Louter estetisch bekeken, maakt Merz oogstrelende, vaak flamboyante pikturale landschappen vanuit grondvormen zoals de tafel, de iglo, het linnen doek, takkenbossen, neonlampen en dies meer. Tegelijk zijn het primitieve architekturale konstrukties. Door het kombineren van vormen en materialen ontstaat ruimte voor meerduidige betekenissen en symbolen die een letterlijke interpretatie aanvreten, en uitnodigen tot een diepere beschouwing van de natuur en de wereld. Vooral zijn gevarieerd gebruik van de niet zelden in lichtend neon uitgewerkte numerologische reeks van Fibonacci is daar een eerste prikkel toe.
Dat was een twaalfde-eeuwse wiskundige, ook bekend als Leonardo da Pisa, die ontdekte dat het kweekritme van konijnen in een gesloten ruimte op een jaar tijd, overeenkwam met een specifieke numerologische reeks. Hierin is elk getal, na het tweede, de som van de twee voorgaande : 1, 1, 2, 3, 5, 8, 13, 21… Pas in de achttiende eeuw vond Robert Simson dat, naarmate de Fibonacci-getallen in grootte toenemen, de verhouding tussen de opeenvolgende getallen die van de klassieke gulden snede benadert. Via de projektie op de gulden vierhoek en aanvullende bewerkingen, ontstaat een curve die de logaritmische spiraal vormt.
Deze spiraal is een vorm die eveneens in de natuur voorkomt, zoals op de schelp van de slak. En natuurlijk ook in het werk van Mario Merz. De Fibonacci-sekwentie is voorts terug te vinden in de bladstand : de schikking van de kransen op een denappel of ananas, van de bloemblaadjes op een zonnebloem of van takken op een stengel. Ook bij het bouwen van een iglo, ontstaat op een bepaald moment de eerste ring van een spiraal. Een typische Merz-bouw is een iglo, bezet met een spiraal van lichtende Fibonacci-getallen.
KEGELS.
Voor de opening van haar nieuwe galerie in de Antwerpse Hoogstraat nr.11, nodigde Vera Van Laer de kunstenaar uit om een nieuwe installatie te maken. Hij realizeerde “L’Horizon de lumière traverse notre vertical du jour” (’95) en gebruikte daarvoor een lange lage tafel van glas, een dik dozijn dubbele glazen kegels gevuld met rode of witte wijn, en witte neon-buizen. Het tafelblad met kronkelende randen slingert zich in het midden van de lange smalle galerieruimte. Op regelmatige afstanden op de tafel staan de vazen of bekers met wijn. In de holtes in het midden van de dubbele kegels die de vazen vormen, boren zich witte neon-lampen die de vazen, soms paarsgewijs, met elkaar verbinden.
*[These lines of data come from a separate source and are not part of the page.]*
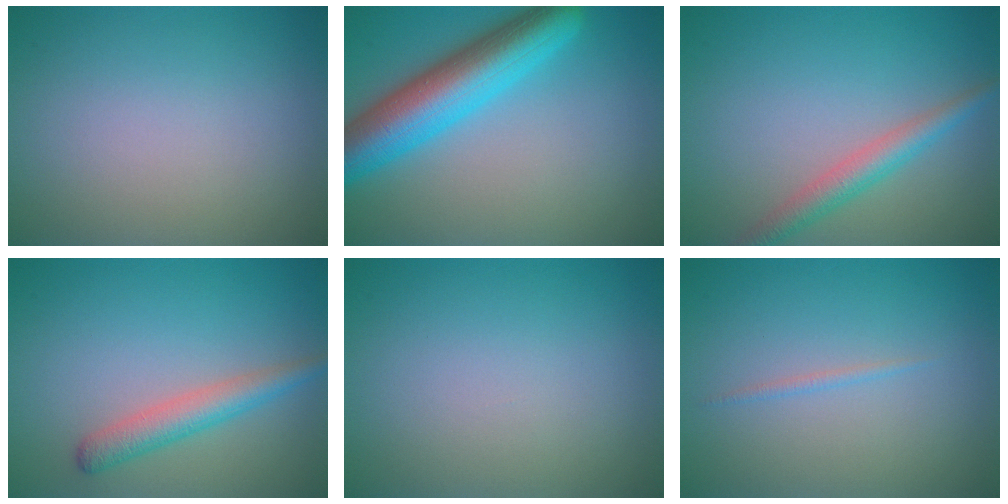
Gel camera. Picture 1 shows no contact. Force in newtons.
{"total": 8.3, "press": 8.3, "slide": 0.2}
{"total": 2.9, "press": 2.9, "slide": 0.1}
{"total": 3.0, "press": 3.0, "slide": 0.2}
{"total": 0.0}
{"total": 0.6, "press": 0.6, "slide": 0.0}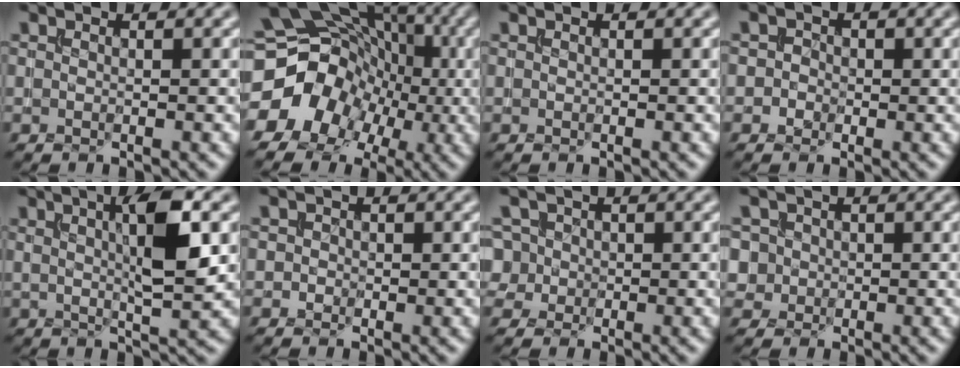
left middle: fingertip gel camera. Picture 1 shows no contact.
{"total": 15.0, "force": [-3.5, 12.9, 6.8], "torque": [-0.123, 0.001, -0.082]}
{"total": 0.0}
{"total": 1.7, "force": [0.0, 1.6, 0.5], "torque": [0.015, 0.003, -0.015]}
{"total": 6.3, "force": [1.5, 1.3, 5.9], "torque": [-0.092, 0.005, 0.024]}
{"total": 1.0, "force": [0.1, 1.0, 0.2], "torque": [0.007, -0.003, -0.005]}
{"total": 4.2, "force": [0.5, 3.8, 1.5], "torque": [-0.024, 0.032, -0.005]}
{"total": 3.6, "force": [0.8, 3.3, 1.1], "torque": [-0.013, 0.018, 0.010]}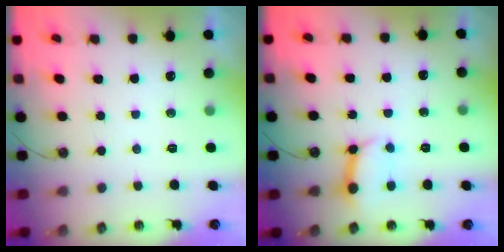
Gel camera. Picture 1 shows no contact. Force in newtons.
{"total": 10.1, "press": 10.0, "slide": 1.2}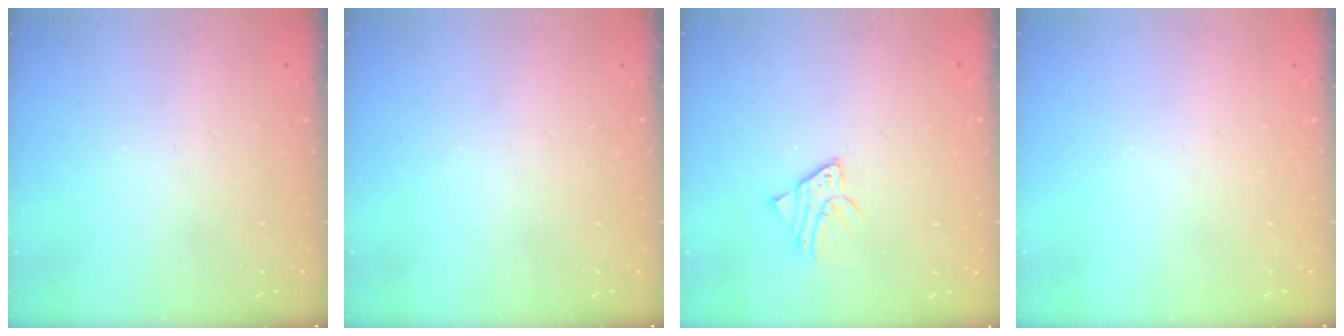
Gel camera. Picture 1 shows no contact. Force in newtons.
{"total": 0.0}
{"total": 2.8, "press": 2.8, "slide": 0.3}
{"total": 0.0}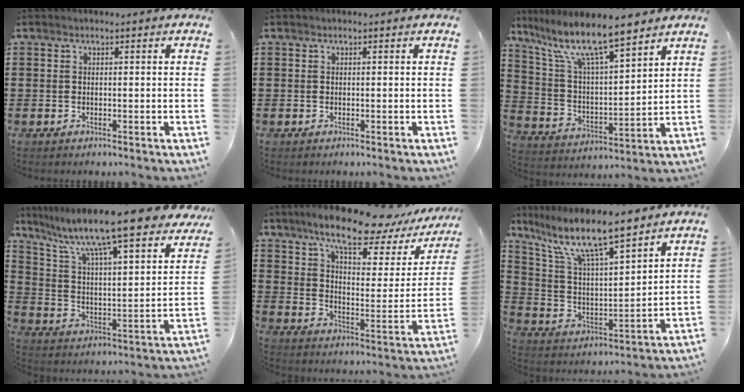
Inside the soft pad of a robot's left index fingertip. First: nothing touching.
{"total": 0.0}
{"total": 10.4, "force": [8.2, 1.9, 6.1], "torque": [-0.150, -0.041, 0.138]}
{"total": 10.5, "force": [8.9, 0.0, 5.6], "torque": [-0.142, -0.066, 0.144]}
{"total": 13.3, "force": [10.8, 2.2, 7.4], "torque": [-0.151, -0.059, 0.183]}
{"total": 11.1, "force": [8.6, 2.0, 6.7], "torque": [-0.161, -0.042, 0.147]}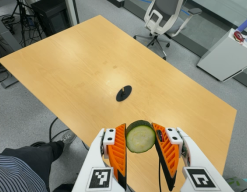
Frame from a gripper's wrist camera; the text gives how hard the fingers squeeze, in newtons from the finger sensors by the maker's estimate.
{"total": 9.3, "left": 8.7, "right": 9.9}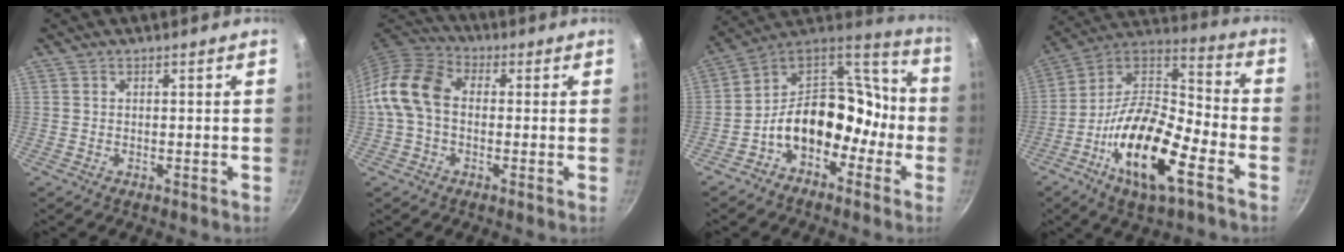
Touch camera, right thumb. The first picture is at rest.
{"total": 10.9, "force": [-0.1, 7.9, 7.6], "torque": [-0.128, 0.029, -0.023]}
{"total": 16.8, "force": [-6.0, 12.2, 9.8], "torque": [-0.099, 0.091, -0.116]}
{"total": 20.9, "force": [-8.8, 7.9, 17.2], "torque": [-0.299, 0.047, -0.178]}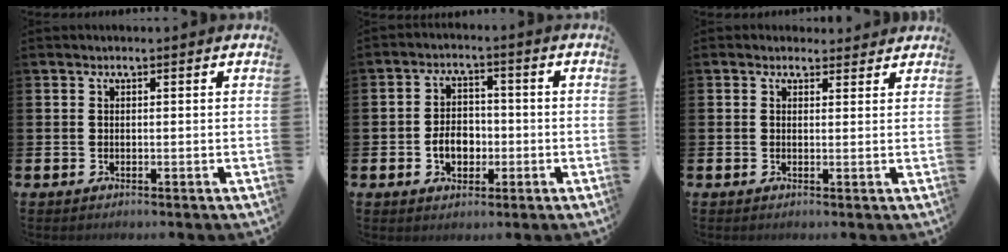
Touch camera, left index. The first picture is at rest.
{"total": 4.5, "force": [-1.2, 3.3, 2.8], "torque": [-0.040, 0.000, -0.028]}
{"total": 1.7, "force": [1.5, 0.8, 0.0], "torque": [0.008, 0.000, 0.024]}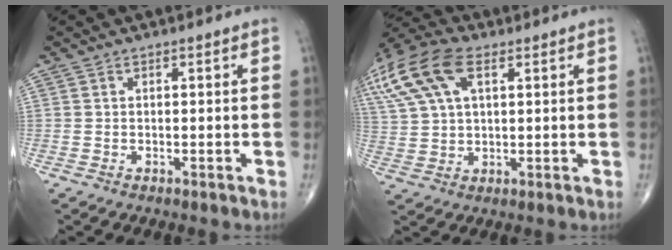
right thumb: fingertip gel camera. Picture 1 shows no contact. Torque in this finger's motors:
{"motor_torque": [-0.30, 1.66, 1.09, 0.46, 0.14]}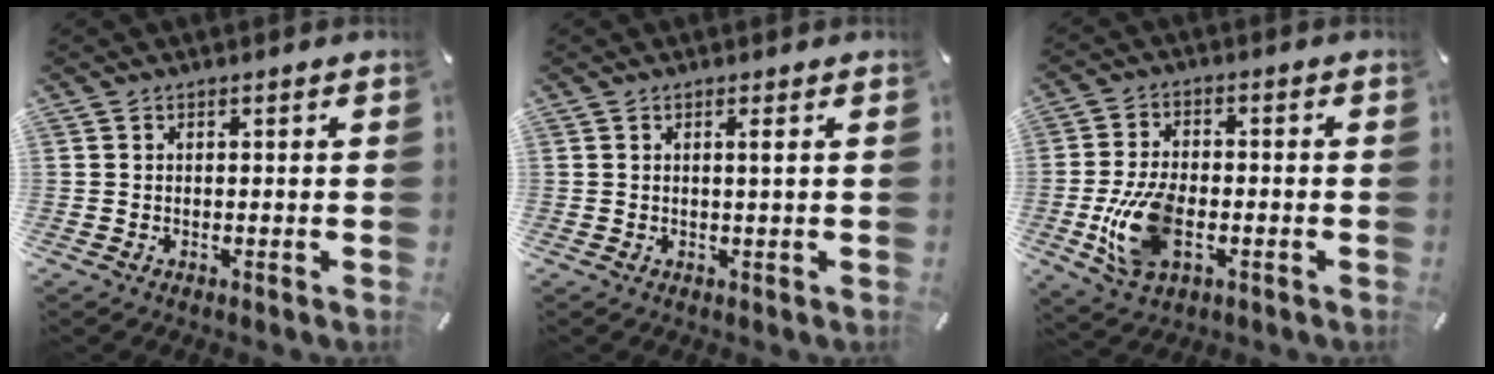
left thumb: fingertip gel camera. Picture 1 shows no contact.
{"total": 1.5, "force": [0.4, -0.1, 1.4], "torque": [-0.027, -0.002, 0.005]}
{"total": 12.3, "force": [-3.2, 7.3, 9.4], "torque": [-0.205, -0.001, -0.052]}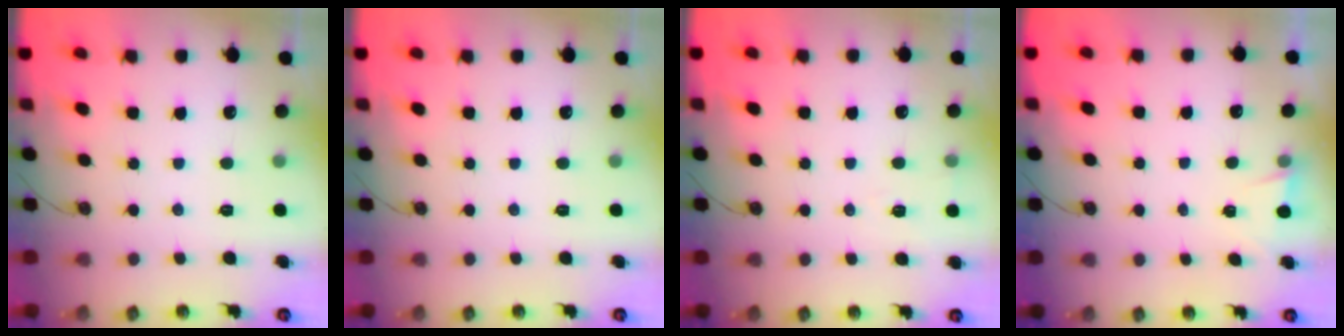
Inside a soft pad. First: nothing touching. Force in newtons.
{"total": 0.0}
{"total": 5.1, "press": 3.0, "slide": 4.2}
{"total": 1.5, "press": 0.9, "slide": 1.2}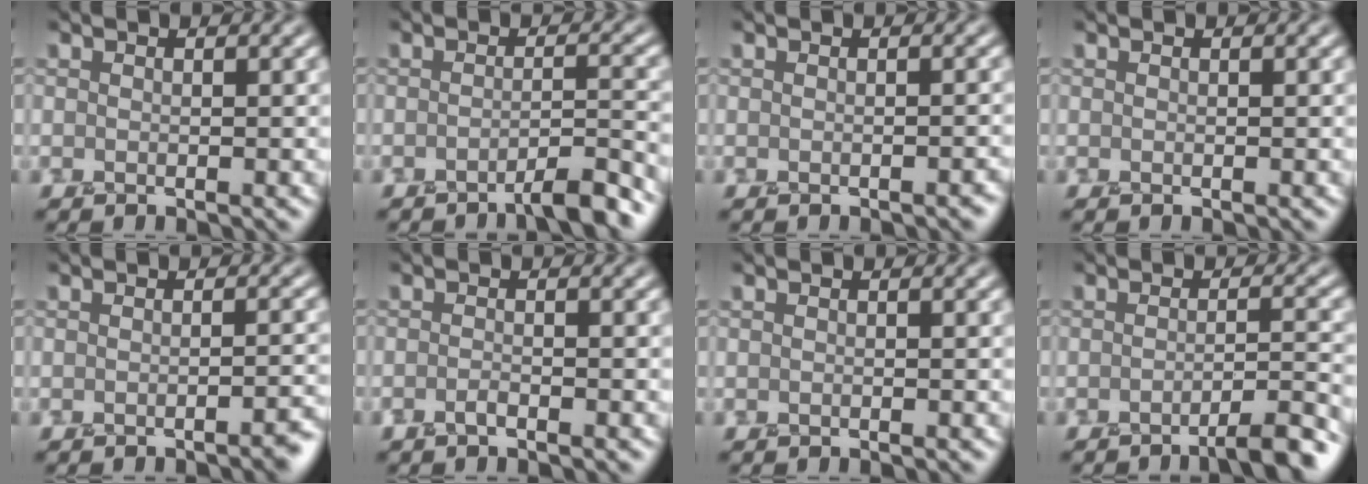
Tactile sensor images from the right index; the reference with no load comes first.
{"total": 3.3, "force": [-2.4, 0.5, 2.2], "torque": [-0.019, 0.011, -0.052]}
{"total": 1.1, "force": [-0.6, 0.4, 0.8], "torque": [-0.001, 0.001, -0.014]}
{"total": 0.0}
{"total": 2.2, "force": [-1.2, 0.6, 1.7], "torque": [-0.013, 0.002, -0.026]}
{"total": 0.8, "force": [-0.6, 0.3, 0.4], "torque": [-0.006, 0.008, -0.015]}
{"total": 0.0}
{"total": 4.0, "force": [-2.6, 0.7, 2.9], "torque": [-0.030, 0.010, -0.055]}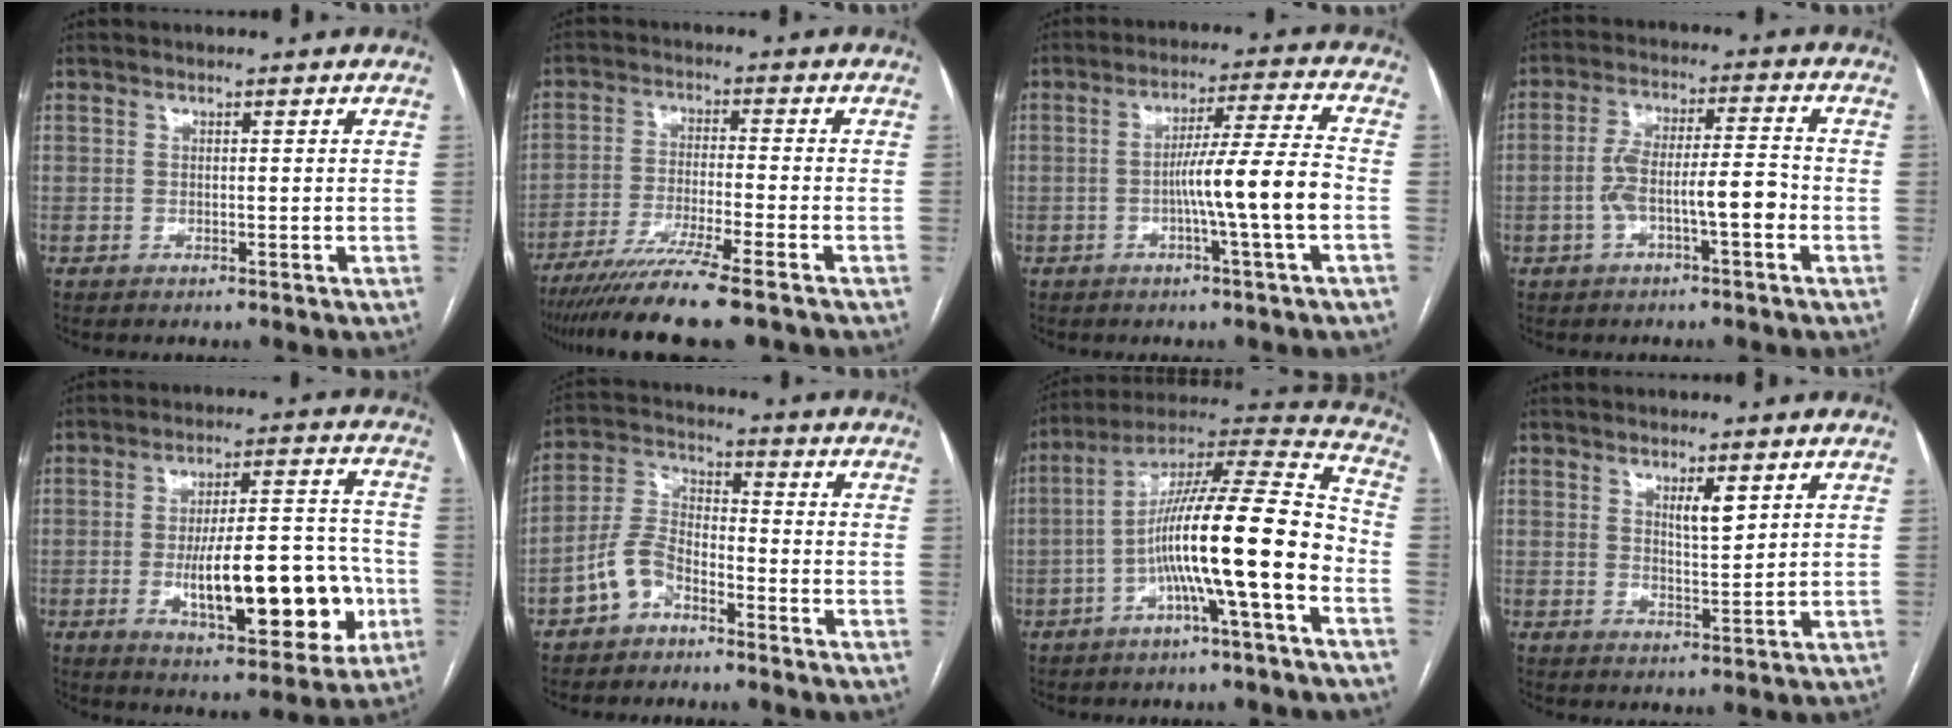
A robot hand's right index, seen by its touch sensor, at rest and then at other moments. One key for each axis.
{"total": 11.2, "fx": -8.8, "fy": -0.9, "fz": 6.9, "tx": -0.109, "ty": -0.031, "tz": -0.144}
{"total": 9.6, "fx": -2.4, "fy": -1.3, "fz": 9.2, "tx": -0.153, "ty": 0.007, "tz": -0.040}
{"total": 8.1, "fx": -2.7, "fy": 1.5, "fz": 7.5, "tx": -0.141, "ty": 0.027, "tz": -0.044}
{"total": 18.3, "fx": -4.4, "fy": 5.6, "fz": 16.9, "tx": -0.252, "ty": 0.014, "tz": -0.055}
{"total": 6.7, "fx": -4.1, "fy": 3.7, "fz": 3.9, "tx": -0.097, "ty": 0.018, "tz": -0.086}
{"total": 17.6, "fx": -5.0, "fy": 0.7, "fz": 16.8, "tx": -0.282, "ty": 0.025, "tz": -0.088}
{"total": 3.4, "fx": 1.8, "fy": 0.7, "fz": 2.8, "tx": -0.049, "ty": -0.005, "tz": 0.032}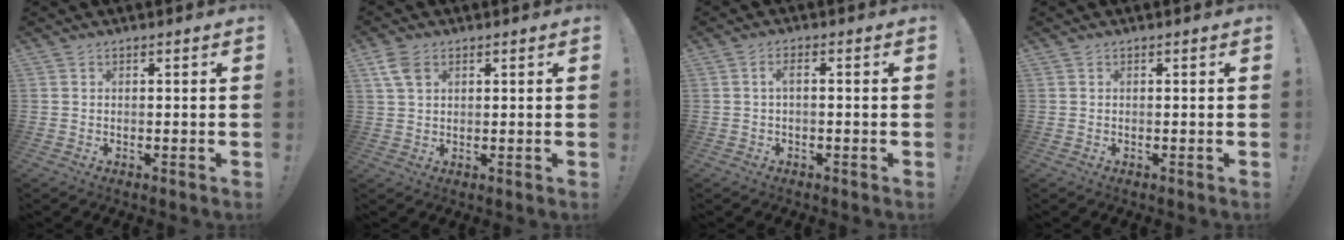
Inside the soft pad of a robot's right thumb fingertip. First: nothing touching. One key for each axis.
{"total": 5.2, "fx": 2.4, "fy": 3.2, "fz": 3.4, "tx": -0.068, "ty": 0.002, "tz": 0.049}
{"total": 2.5, "fx": -0.6, "fy": 0.2, "fz": 2.4, "tx": -0.050, "ty": 0.009, "tz": -0.012}
{"total": 0.0}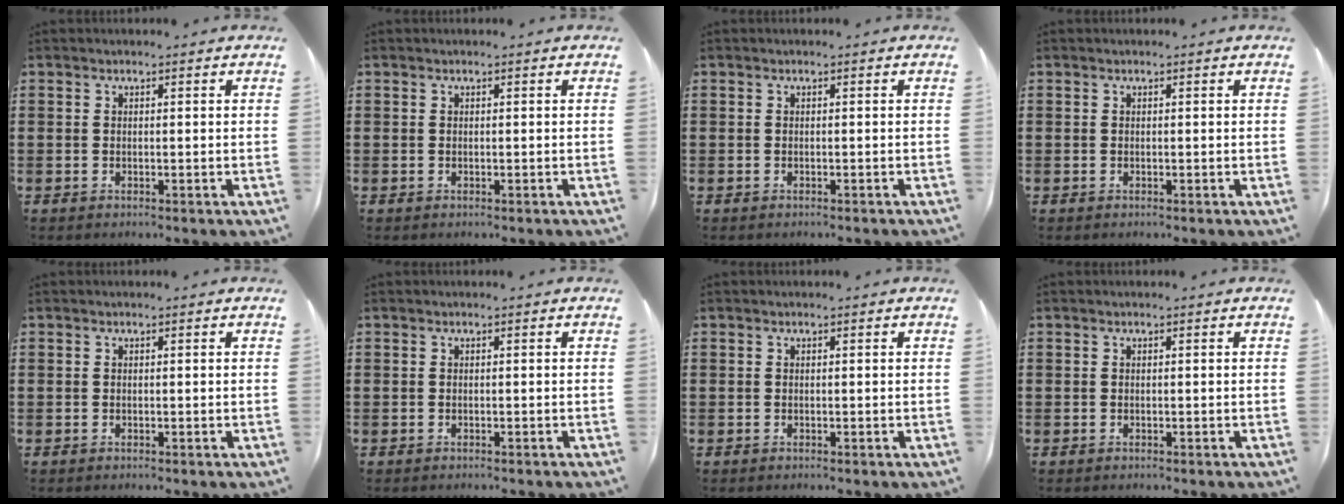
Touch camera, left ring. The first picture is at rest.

De zwartrode en goudgele wijn in de rank oprijzende vazen, het stralende witte licht van de onderbroken horizontale lijn boven het transparante tafelblad : het zijn visueel opwindende elementen die de installatie een pikturale en konstruktieve eenheid geven. Het werk laat veelzijdige en veranderlijke metaforen toe, vanuit het centrale beeld van de stroom, bezet met “vertikale architekturen vol van leven”. In een bewogen gesprek gaat Mario Merz nader in op de diepere betekenis ervan.
– In uw werk is de tafel de meest flexibele vorm.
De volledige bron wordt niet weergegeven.